Start of Supplied data

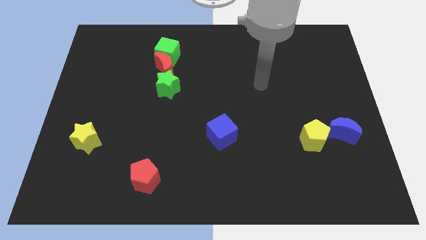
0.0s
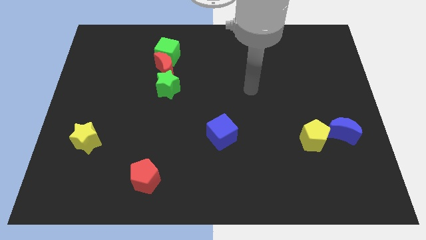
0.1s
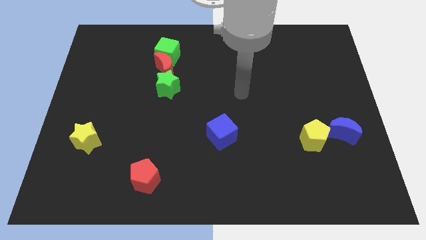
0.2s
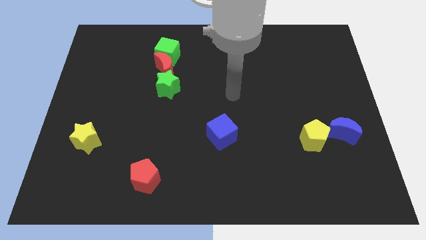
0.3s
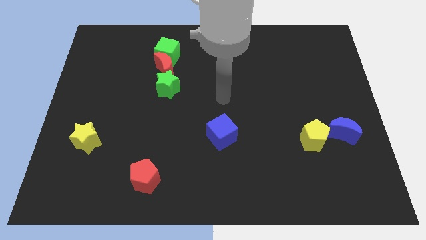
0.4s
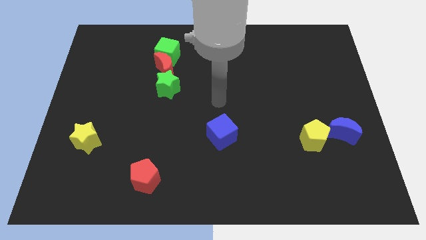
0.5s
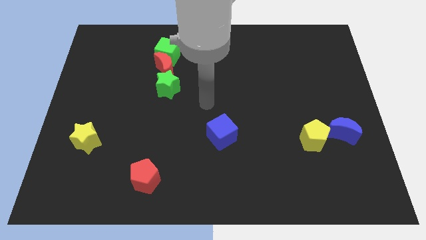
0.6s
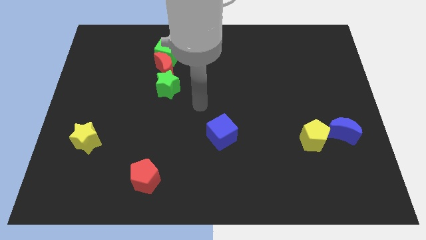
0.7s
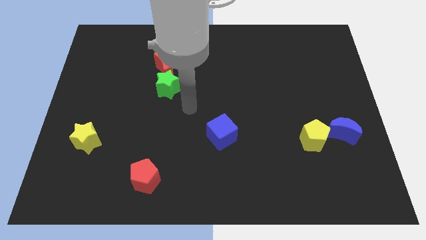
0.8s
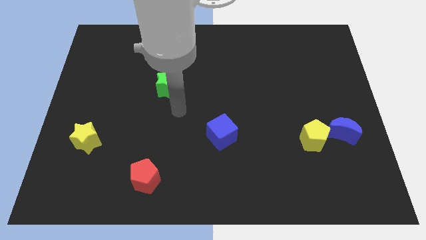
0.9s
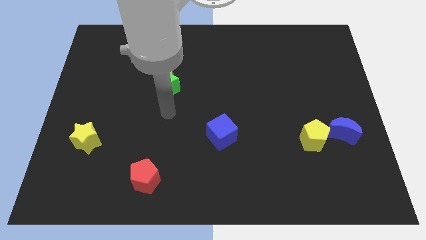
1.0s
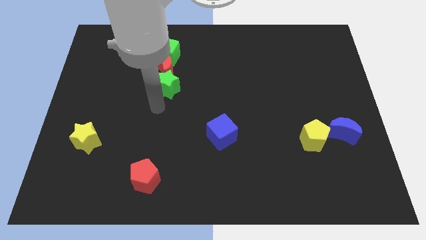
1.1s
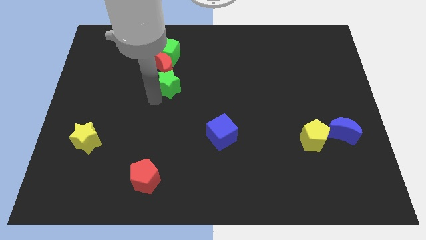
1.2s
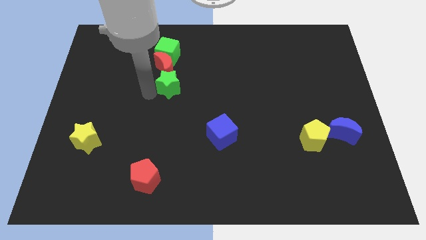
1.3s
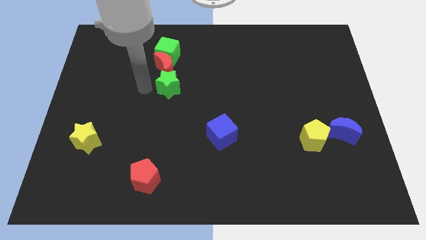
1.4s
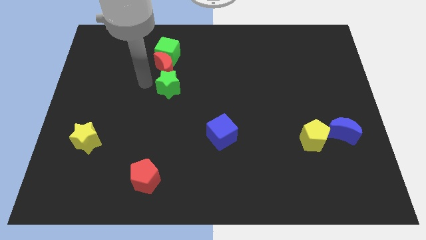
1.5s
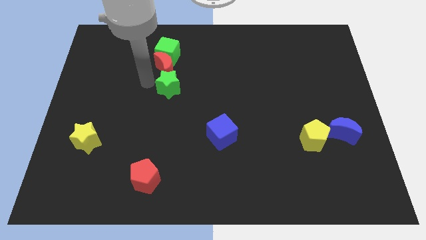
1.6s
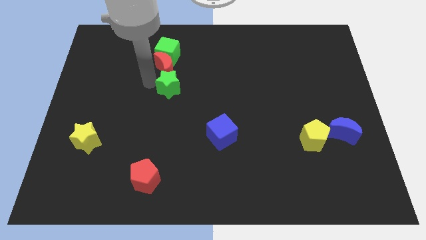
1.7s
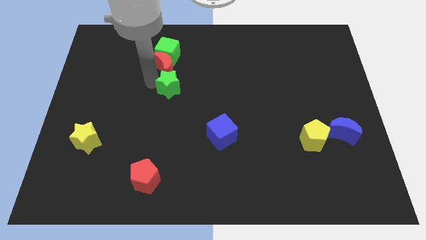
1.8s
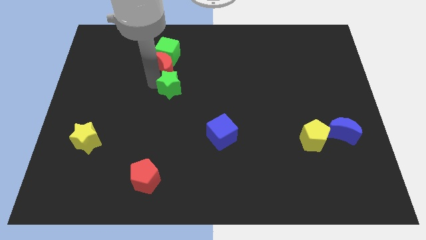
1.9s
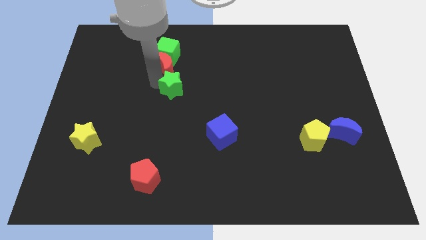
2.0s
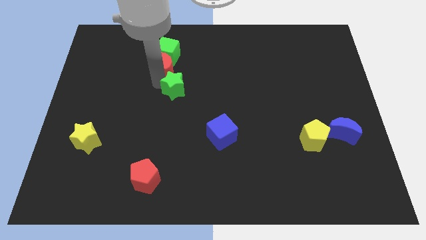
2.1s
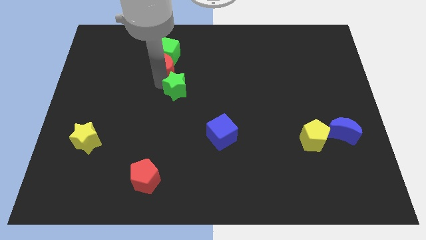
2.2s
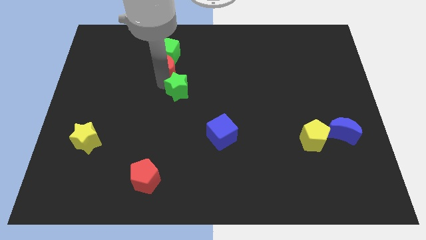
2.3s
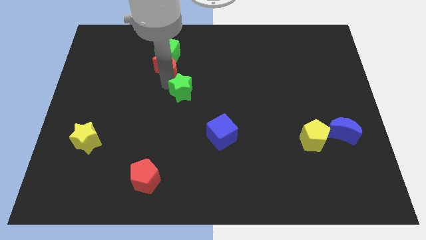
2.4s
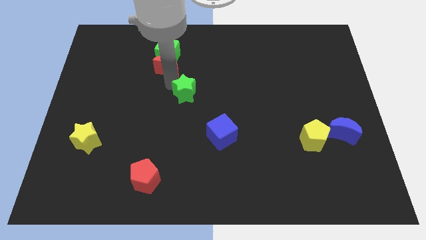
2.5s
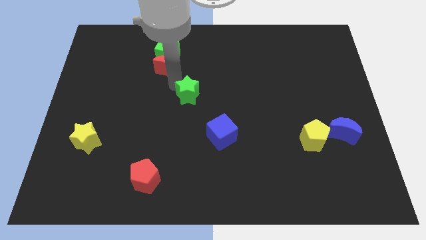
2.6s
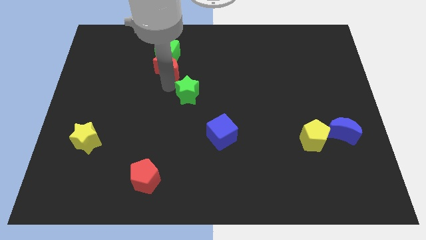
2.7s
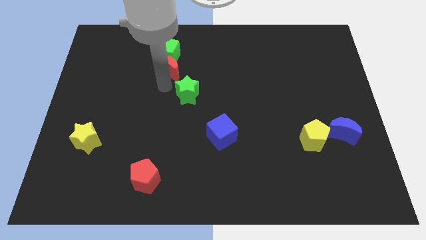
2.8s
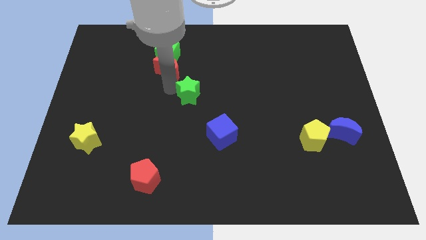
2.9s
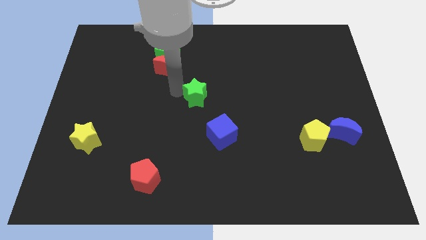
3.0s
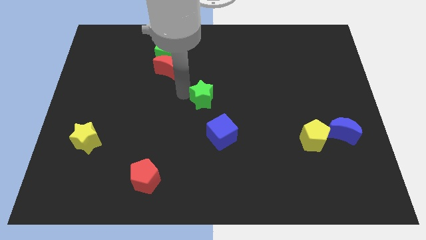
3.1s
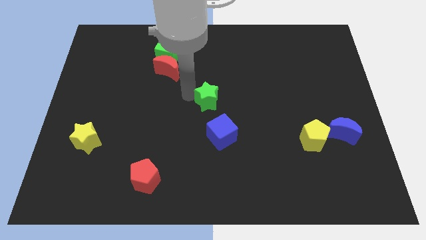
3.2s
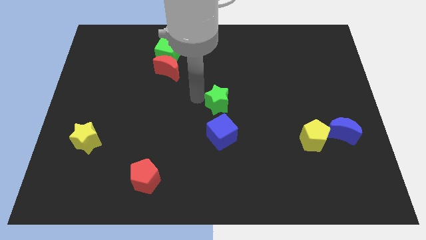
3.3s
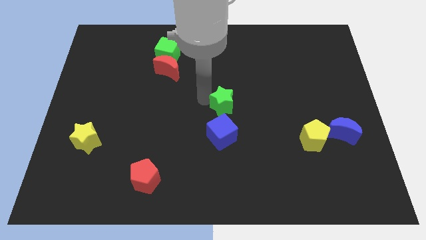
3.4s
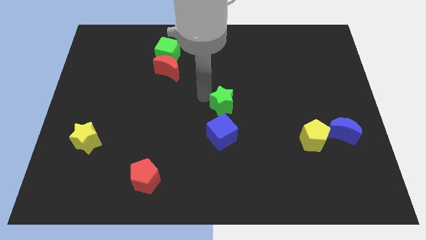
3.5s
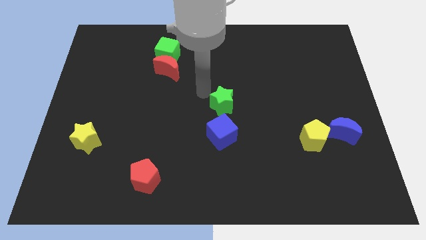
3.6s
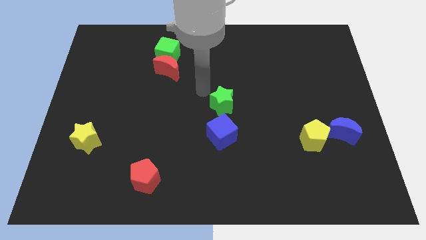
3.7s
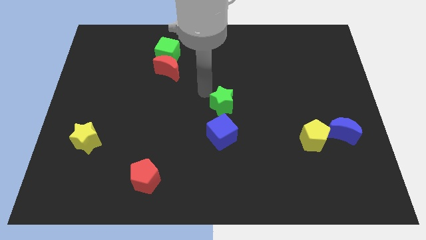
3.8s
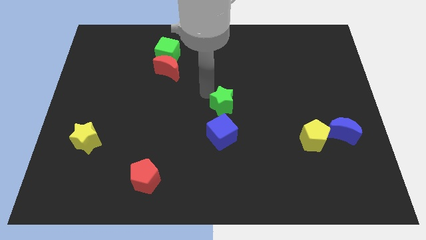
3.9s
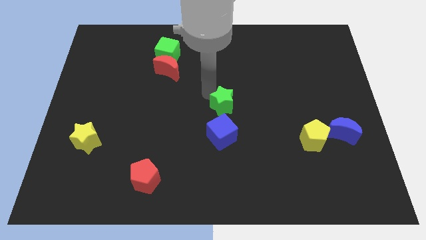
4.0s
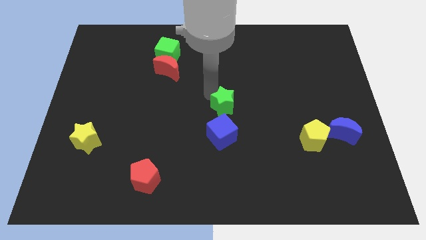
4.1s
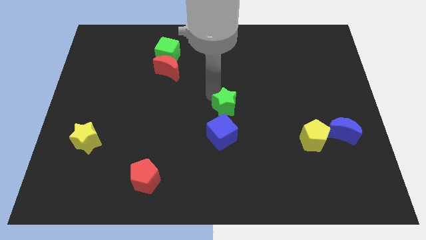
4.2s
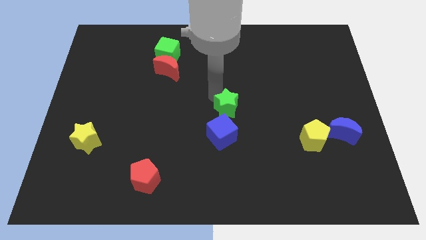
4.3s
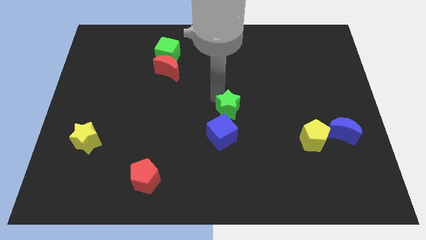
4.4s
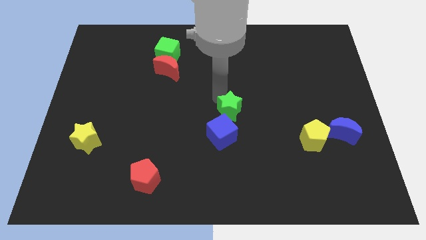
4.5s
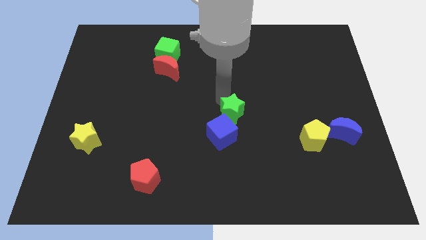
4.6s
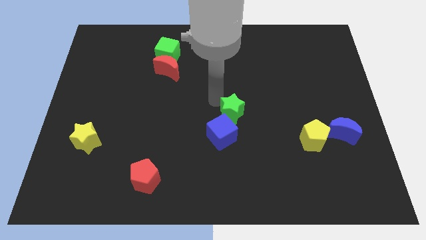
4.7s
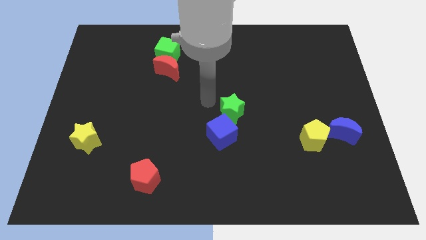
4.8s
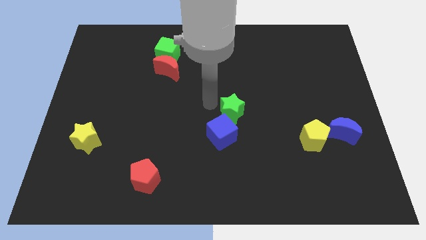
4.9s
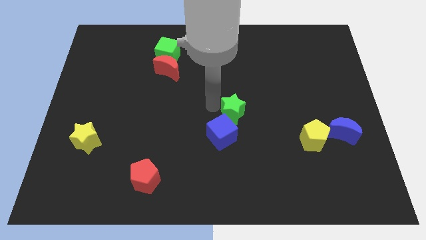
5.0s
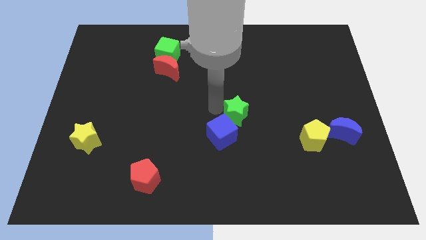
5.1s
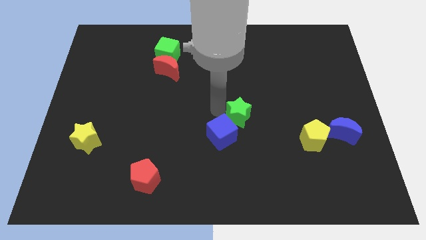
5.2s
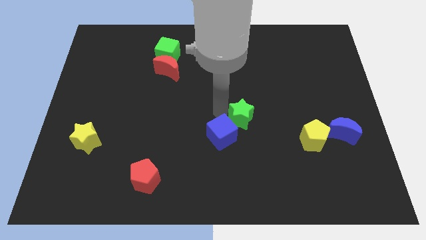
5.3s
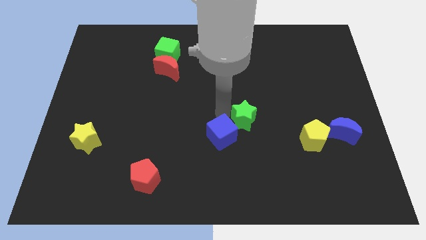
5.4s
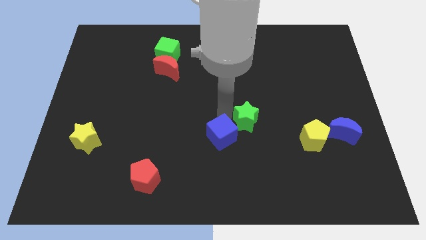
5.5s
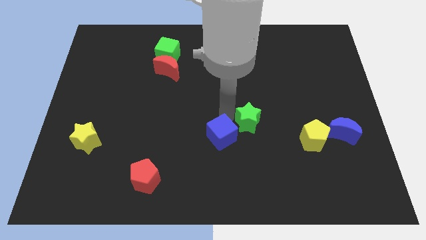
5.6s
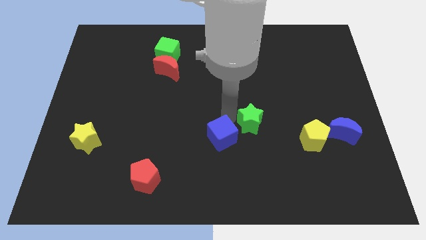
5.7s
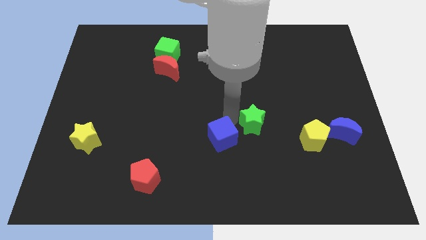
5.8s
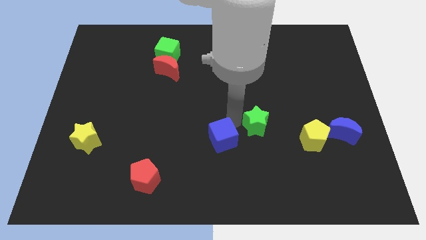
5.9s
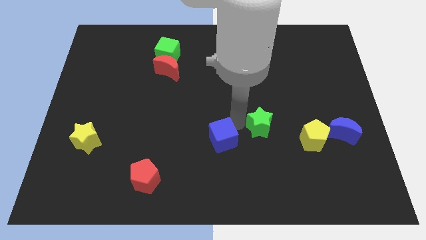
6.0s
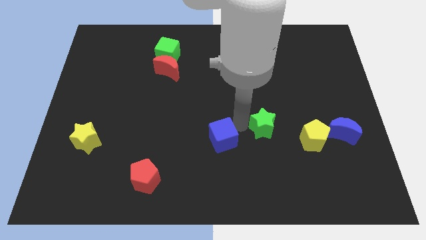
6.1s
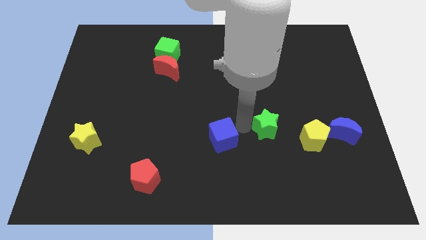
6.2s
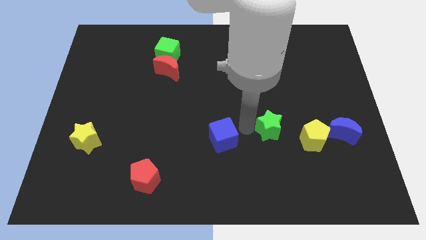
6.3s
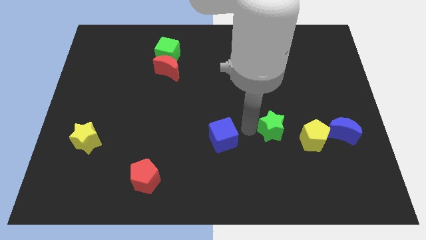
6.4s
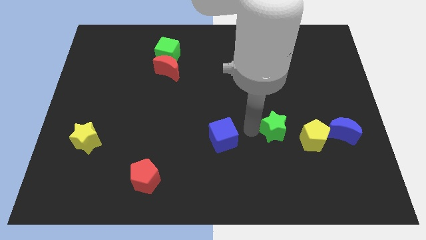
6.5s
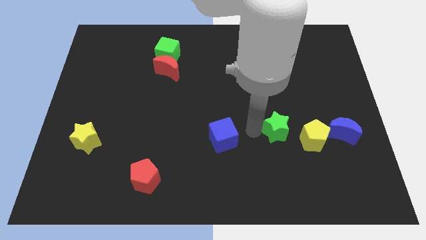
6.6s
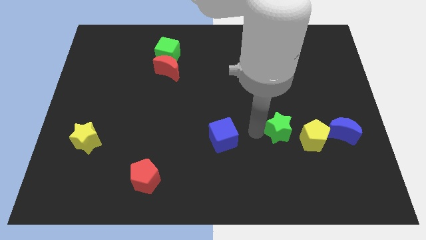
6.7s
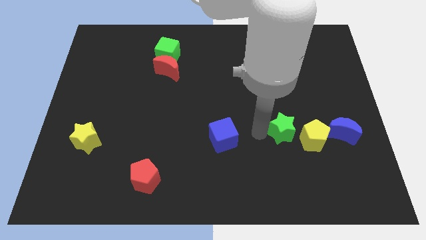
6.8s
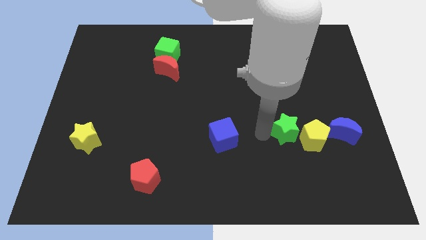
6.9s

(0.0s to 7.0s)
slide the green star next to the yellow pentagon

End of Supplied data

#### Problem to work on:
Go through the entries and retype each one exactly, skipping any image.

#### Answer section:
0.0s
0.1s
0.2s
0.3s
0.4s
0.5s
0.6s
0.7s
0.8s
0.9s
1.0s
1.1s
1.2s
1.3s
1.4s
1.5s
1.6s
1.7s
1.8s
1.9s
2.0s
2.1s
2.2s
2.3s
2.4s
2.5s
2.6s
2.7s
2.8s
2.9s
3.0s
3.1s
3.2s
3.3s
3.4s
3.5s
3.6s
3.7s
3.8s
3.9s
4.0s
4.1s
4.2s
4.3s
4.4s
4.5s
4.6s
4.7s
4.8s
4.9s
5.0s
5.1s
5.2s
5.3s
5.4s
5.5s
5.6s
5.7s
5.8s
5.9s
6.0s
6.1s
6.2s
6.3s
6.4s
6.5s
6.6s
6.7s
6.8s
6.9s

(0.0s to 7.0s)
slide the green star next to the yellow pentagon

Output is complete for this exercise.